According to the documentation, the GroupCollection Class implements the generic IEnumerable interface. Its extension methods are even listed below on that page. Yet, I'm getting

Compilation error (line 16, col 4): 'GroupCollection' does not contain a definition for 'Skip' and no accessible extension method 'Skip' accepting a first argument of type 'GroupCollection' could be found (are you missing a using directive or an assembly reference?)

for the following code:

using System.Linq;
var currency = "HUF";
var origin = "Modlin";
var changes = 3;
System.Console.WriteLine(
    new[] {
        $"Cost: 50 {currency}",
        $"Departure airport: {origin}",
        $"Number of changes: {changes}"
    }[
        System.Text.RegularExpressions.Regex.Matches(
            "variable elem: blablaoriginbleble",
            "(currency)|(origin)|(changes)"
        )[0]
        .Groups
        .Skip(1)
        .Select((m, i) => (m, i))
        .First(p => p.Item1.Success)
        .Item2
    ]);

The error goes away if I surround L11-15 with ((System.Collections.Generic.IEnumerable<System.Text.RegularExpressions.Group>) and ).

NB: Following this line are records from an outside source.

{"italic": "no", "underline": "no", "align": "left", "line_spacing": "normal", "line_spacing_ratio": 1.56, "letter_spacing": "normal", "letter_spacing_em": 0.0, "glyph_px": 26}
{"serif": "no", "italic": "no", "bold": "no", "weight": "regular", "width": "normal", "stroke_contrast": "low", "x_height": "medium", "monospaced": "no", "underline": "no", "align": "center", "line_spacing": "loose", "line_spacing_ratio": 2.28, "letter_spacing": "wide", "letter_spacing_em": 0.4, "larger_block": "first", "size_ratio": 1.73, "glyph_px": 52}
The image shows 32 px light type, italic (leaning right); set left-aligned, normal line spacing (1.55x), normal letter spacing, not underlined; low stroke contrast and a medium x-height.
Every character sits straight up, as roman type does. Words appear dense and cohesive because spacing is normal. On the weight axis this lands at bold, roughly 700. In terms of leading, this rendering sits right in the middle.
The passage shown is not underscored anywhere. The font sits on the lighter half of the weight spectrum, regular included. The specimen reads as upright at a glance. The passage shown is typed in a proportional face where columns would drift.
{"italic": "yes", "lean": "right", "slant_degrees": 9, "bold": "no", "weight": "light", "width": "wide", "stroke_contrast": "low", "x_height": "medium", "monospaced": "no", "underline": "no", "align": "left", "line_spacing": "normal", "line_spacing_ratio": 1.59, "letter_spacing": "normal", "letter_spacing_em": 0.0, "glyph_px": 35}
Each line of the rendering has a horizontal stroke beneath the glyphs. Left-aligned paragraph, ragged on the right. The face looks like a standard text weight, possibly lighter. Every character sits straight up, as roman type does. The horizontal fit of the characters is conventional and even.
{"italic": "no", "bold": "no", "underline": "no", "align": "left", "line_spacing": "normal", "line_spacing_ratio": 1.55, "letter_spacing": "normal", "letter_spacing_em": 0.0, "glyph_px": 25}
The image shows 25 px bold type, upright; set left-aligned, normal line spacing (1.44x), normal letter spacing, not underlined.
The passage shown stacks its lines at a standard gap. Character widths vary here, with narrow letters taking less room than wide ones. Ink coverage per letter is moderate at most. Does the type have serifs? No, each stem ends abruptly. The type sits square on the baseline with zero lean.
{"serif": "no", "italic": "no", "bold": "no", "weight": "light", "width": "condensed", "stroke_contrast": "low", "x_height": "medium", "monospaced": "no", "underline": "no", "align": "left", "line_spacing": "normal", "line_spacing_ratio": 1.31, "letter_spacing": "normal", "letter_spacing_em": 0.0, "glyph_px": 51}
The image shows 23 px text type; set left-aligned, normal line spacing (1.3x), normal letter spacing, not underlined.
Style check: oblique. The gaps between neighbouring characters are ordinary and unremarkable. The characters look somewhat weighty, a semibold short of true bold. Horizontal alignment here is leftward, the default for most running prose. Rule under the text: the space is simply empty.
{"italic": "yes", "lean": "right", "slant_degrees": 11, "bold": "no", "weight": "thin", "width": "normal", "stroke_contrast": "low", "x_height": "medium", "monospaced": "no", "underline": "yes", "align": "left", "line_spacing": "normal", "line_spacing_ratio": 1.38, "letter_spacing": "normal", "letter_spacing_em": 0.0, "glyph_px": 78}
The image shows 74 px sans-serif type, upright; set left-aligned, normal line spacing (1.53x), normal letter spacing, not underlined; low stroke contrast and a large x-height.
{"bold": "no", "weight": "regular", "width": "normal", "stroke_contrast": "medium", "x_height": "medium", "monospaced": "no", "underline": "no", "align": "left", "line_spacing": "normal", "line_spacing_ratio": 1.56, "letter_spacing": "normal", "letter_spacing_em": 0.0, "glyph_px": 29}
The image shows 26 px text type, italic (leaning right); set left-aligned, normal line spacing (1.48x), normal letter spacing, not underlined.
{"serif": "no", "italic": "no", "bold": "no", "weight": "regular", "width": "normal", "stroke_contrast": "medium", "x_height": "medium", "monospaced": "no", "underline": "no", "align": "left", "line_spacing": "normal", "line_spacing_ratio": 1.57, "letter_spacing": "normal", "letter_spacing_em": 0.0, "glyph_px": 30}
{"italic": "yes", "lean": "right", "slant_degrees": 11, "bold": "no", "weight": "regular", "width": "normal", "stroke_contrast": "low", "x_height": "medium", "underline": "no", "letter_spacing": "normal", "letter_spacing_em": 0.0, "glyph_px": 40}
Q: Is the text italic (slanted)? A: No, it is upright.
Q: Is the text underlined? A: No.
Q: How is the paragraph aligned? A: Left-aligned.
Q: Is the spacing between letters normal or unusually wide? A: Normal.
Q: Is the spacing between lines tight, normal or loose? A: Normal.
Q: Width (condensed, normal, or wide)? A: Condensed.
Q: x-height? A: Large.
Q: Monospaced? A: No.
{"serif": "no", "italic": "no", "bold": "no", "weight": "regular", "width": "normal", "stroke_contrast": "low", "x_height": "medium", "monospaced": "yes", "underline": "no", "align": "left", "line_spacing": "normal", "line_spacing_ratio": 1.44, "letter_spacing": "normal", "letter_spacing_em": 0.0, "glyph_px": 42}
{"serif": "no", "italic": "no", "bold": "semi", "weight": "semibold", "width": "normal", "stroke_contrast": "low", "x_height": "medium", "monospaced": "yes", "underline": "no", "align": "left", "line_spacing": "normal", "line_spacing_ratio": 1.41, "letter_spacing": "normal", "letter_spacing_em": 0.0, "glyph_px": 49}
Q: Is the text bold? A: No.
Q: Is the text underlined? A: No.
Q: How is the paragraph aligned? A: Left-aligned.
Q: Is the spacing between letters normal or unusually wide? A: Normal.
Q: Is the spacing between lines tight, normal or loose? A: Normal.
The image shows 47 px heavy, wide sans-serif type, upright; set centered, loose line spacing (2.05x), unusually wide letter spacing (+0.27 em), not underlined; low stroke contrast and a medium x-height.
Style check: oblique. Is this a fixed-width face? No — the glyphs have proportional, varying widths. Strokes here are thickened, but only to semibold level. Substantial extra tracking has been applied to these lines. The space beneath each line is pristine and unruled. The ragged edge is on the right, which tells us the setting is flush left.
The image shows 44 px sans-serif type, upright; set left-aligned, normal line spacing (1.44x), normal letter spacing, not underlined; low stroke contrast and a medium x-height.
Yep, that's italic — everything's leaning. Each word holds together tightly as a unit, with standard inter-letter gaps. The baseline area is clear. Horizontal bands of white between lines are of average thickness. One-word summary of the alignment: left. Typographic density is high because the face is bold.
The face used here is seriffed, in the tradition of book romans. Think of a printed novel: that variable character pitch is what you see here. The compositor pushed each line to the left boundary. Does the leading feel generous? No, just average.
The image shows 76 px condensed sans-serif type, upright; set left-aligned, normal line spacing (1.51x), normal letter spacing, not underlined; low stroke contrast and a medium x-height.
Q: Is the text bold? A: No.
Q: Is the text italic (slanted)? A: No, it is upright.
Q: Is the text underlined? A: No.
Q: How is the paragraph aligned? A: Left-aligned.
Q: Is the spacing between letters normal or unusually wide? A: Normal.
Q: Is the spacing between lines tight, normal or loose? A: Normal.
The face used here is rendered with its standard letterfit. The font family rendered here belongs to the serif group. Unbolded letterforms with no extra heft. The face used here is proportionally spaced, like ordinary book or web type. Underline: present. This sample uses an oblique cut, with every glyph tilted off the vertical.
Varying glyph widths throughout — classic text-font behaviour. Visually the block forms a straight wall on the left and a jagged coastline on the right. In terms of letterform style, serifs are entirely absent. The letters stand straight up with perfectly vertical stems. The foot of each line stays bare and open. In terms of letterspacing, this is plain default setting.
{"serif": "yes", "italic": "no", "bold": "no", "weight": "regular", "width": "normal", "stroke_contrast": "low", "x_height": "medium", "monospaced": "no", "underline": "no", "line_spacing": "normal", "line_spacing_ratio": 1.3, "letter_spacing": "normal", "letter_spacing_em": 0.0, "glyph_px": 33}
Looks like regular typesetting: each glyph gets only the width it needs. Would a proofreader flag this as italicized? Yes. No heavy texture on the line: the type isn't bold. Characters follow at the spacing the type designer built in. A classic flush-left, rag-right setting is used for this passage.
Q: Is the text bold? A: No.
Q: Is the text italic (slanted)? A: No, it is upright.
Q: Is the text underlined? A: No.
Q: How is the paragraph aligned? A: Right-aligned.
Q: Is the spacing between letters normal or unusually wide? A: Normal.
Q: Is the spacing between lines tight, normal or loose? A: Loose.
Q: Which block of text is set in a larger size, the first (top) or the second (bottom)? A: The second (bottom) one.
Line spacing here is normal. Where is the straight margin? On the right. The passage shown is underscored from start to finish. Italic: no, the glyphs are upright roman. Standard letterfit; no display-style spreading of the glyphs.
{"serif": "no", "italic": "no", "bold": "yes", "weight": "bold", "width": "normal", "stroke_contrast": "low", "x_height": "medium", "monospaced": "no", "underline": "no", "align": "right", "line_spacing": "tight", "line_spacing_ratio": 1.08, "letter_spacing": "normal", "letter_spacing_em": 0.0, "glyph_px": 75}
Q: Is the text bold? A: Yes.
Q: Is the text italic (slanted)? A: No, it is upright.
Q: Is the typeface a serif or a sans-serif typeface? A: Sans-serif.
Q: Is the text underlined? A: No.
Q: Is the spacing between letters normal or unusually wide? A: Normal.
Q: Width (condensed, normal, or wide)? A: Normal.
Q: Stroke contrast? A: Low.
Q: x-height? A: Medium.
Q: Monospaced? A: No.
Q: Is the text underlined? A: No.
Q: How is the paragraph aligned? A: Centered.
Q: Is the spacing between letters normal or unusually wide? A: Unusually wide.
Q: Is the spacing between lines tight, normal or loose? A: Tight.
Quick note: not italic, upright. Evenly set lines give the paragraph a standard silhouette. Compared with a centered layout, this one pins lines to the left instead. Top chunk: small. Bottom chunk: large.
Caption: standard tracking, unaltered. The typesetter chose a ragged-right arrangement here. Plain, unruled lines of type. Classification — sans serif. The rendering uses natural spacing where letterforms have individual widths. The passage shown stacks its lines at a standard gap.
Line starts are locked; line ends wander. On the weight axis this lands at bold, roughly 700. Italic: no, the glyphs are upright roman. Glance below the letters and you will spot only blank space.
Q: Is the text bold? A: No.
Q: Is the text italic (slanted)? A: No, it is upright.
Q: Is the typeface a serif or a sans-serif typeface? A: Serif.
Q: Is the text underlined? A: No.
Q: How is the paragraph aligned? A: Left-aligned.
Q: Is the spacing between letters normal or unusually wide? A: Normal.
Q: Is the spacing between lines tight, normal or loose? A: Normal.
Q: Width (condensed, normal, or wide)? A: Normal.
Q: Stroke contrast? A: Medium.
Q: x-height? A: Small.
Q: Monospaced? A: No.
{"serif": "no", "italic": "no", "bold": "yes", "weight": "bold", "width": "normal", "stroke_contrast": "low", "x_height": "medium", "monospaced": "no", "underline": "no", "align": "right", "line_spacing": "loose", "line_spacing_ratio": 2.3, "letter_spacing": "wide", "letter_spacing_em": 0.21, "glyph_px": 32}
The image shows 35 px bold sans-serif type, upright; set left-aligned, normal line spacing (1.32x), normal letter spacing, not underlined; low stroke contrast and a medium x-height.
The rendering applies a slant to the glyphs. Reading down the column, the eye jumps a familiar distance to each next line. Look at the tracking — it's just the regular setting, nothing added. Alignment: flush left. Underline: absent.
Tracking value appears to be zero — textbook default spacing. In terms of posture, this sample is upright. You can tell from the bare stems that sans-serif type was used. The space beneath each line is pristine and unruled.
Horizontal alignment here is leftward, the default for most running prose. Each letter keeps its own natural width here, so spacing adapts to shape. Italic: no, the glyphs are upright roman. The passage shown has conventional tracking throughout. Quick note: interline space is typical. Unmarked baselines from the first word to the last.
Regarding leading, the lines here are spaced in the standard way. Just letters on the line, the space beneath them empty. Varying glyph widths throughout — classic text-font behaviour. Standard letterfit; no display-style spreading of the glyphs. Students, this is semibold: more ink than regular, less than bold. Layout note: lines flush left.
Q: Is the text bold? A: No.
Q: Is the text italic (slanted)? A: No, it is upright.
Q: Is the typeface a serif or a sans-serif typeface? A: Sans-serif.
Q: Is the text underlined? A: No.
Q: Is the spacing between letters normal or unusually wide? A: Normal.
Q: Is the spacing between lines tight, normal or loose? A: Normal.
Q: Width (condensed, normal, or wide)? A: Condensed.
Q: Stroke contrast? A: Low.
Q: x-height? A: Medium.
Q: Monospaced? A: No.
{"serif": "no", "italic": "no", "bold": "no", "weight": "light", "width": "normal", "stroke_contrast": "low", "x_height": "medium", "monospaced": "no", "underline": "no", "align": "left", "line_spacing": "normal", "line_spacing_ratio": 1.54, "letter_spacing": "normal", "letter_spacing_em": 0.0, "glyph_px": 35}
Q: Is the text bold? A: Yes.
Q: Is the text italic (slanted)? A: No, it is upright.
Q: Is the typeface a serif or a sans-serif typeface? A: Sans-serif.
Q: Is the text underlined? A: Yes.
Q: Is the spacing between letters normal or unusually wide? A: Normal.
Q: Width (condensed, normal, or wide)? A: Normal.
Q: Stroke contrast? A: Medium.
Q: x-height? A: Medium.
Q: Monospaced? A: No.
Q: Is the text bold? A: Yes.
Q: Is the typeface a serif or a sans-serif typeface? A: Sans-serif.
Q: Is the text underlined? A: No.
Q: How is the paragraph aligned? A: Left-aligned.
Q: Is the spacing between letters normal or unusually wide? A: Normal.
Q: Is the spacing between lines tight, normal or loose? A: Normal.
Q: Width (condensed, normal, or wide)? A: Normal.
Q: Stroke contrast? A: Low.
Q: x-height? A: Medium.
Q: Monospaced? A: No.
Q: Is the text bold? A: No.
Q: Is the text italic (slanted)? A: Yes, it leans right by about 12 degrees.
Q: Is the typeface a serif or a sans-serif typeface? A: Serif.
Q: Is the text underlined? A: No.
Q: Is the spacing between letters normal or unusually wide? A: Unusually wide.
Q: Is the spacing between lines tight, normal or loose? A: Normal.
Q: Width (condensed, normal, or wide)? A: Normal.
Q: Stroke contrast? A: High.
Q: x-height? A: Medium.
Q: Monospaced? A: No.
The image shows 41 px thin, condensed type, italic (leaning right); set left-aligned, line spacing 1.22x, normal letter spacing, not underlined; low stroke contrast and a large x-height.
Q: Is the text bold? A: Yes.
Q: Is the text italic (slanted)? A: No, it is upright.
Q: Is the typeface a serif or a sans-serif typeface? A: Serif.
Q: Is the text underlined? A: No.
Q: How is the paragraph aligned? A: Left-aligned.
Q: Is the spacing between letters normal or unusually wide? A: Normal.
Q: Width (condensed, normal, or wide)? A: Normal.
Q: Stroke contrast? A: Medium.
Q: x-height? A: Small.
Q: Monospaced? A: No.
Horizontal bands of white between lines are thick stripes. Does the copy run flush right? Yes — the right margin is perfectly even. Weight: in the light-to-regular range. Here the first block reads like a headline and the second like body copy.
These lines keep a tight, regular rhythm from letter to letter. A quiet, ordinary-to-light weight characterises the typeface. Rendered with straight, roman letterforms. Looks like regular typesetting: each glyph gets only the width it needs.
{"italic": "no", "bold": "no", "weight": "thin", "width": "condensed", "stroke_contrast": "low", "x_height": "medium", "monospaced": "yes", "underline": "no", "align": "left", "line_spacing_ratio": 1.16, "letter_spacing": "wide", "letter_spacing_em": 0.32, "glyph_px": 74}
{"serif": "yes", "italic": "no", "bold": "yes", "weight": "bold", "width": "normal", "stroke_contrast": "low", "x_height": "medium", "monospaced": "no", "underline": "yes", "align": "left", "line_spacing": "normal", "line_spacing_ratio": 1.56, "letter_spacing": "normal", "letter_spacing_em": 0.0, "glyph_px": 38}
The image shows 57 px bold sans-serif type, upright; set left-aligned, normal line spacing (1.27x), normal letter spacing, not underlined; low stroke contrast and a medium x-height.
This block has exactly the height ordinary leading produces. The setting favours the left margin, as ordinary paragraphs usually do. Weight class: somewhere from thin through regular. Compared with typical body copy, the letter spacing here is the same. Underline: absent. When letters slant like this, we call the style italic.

Why is it necessary?

What's even stranger is that omitting [0] and .Groups (not semantically equivalent, just for the sake of experiment) leads to no error as well. In that case the extension methods Skip, Select and First are called on an instance of MatchCollection. Which also implements IEnumerable and it seems behaviour should be analogous.

CodePudding user response:

EDIT 2:

I just tested your code in .NET 6 and got the same error message. I changed:

.Skip(1)

to:

.Skip<System.Text.RegularExpressions.Group>(1)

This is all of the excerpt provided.